◆ **Records for this task**:
↓
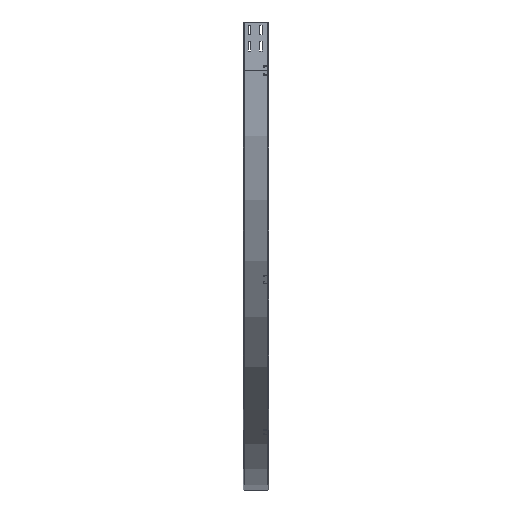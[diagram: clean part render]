
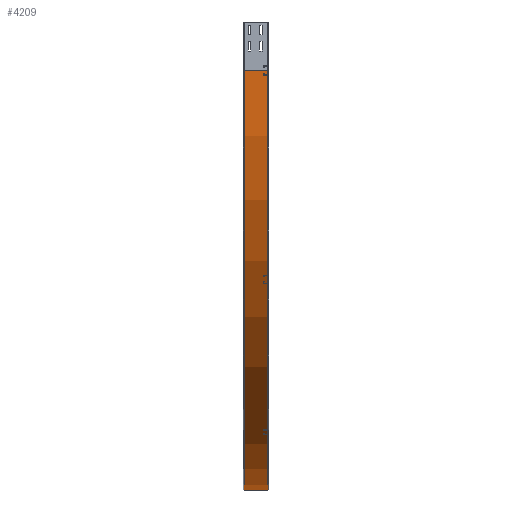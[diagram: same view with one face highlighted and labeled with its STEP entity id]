
A CAD part, left-side view. The second image highlights one B-rep face of the part: STEP entity #4209.
In plain terms, the highlighted cylindrical face has radius 1300 mm (diameter 2600 mm), a partial arc.
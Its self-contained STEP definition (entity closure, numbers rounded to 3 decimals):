
#126=CIRCLE('',#4591,1300.);
#128=CIRCLE('',#4594,1300.);
#181=CYLINDRICAL_SURFACE('',#4593,1300.);
#391=FACE_OUTER_BOUND('',#657,.T.);
#657=EDGE_LOOP('',(#3409,#3410,#3411,#3412));
#1055=LINE('',#6581,#1547);
#1085=LINE('',#6680,#1577);
#1547=VECTOR('',#5365,10.);
#1577=VECTOR('',#5477,10.);
#1963=VERTEX_POINT('',#6574);
#1965=VERTEX_POINT('',#6580);
#1992=VERTEX_POINT('',#6674);
#1993=VERTEX_POINT('',#6678);
#2441=EDGE_CURVE('',#1963,#1965,#1055,.T.);
#2488=EDGE_CURVE('',#1992,#1963,#126,.T.);
#2490=EDGE_CURVE('',#1993,#1965,#128,.T.);
#2491=EDGE_CURVE('',#1993,#1992,#1085,.T.);
#3409=ORIENTED_EDGE('',*,*,#2441,.T.);
#3410=ORIENTED_EDGE('',*,*,#2490,.F.);
#3411=ORIENTED_EDGE('',*,*,#2491,.T.);
#3412=ORIENTED_EDGE('',*,*,#2488,.T.);
#4209=ADVANCED_FACE('',(#391),#181,.T.);
#4591=AXIS2_PLACEMENT_3D('',#6675,#5469,#5470);
#4593=AXIS2_PLACEMENT_3D('',#6677,#5473,#5474);
#4594=AXIS2_PLACEMENT_3D('',#6679,#5475,#5476);
#5365=DIRECTION('',(0.,-1.,0.));
#5469=DIRECTION('center_axis',(0.,-1.,0.));
#5470=DIRECTION('ref_axis',(-1.,0.,0.));
#5473=DIRECTION('center_axis',(0.,-1.,0.));
#5474=DIRECTION('ref_axis',(-1.,0.,0.));
#5475=DIRECTION('center_axis',(0.,-1.,0.));
#5476=DIRECTION('ref_axis',(-1.,0.,0.));
#5477=DIRECTION('',(0.,1.,0.));
#6574=CARTESIAN_POINT('',(1269.,76.,-1300.));
#6580=CARTESIAN_POINT('',(1269.,4.,-1300.));
#6581=CARTESIAN_POINT('',(1269.,76.,-1300.));
#6674=CARTESIAN_POINT('',(-31.,76.,0.));
#6675=CARTESIAN_POINT('Origin',(1269.,76.,0.));
#6677=CARTESIAN_POINT('Origin',(1269.,35.493,0.));
#6678=CARTESIAN_POINT('',(-31.,4.,0.));
#6679=CARTESIAN_POINT('Origin',(1269.,4.,0.));
#6680=CARTESIAN_POINT('',(-31.,89.048,0.));
↑
Starting with the line above that holds "#3411=ORIENTED_EDGE('',*,*,#2491,.T.);" and stopping with the line that holds "#6580=CARTESIAN_POINT('',(1269.,4.,-1300.));", reproduce each line exactly, omitting all other lines.

◆ **Response box**:
#3411=ORIENTED_EDGE('',*,*,#2491,.T.);
#3412=ORIENTED_EDGE('',*,*,#2488,.T.);
#4209=ADVANCED_FACE('',(#391),#181,.T.);
#4591=AXIS2_PLACEMENT_3D('',#6675,#5469,#5470);
#4593=AXIS2_PLACEMENT_3D('',#6677,#5473,#5474);
#4594=AXIS2_PLACEMENT_3D('',#6679,#5475,#5476);
#5365=DIRECTION('',(0.,-1.,0.));
#5469=DIRECTION('center_axis',(0.,-1.,0.));
#5470=DIRECTION('ref_axis',(-1.,0.,0.));
#5473=DIRECTION('center_axis',(0.,-1.,0.));
#5474=DIRECTION('ref_axis',(-1.,0.,0.));
#5475=DIRECTION('center_axis',(0.,-1.,0.));
#5476=DIRECTION('ref_axis',(-1.,0.,0.));
#5477=DIRECTION('',(0.,1.,0.));
#6574=CARTESIAN_POINT('',(1269.,76.,-1300.));
#6580=CARTESIAN_POINT('',(1269.,4.,-1300.));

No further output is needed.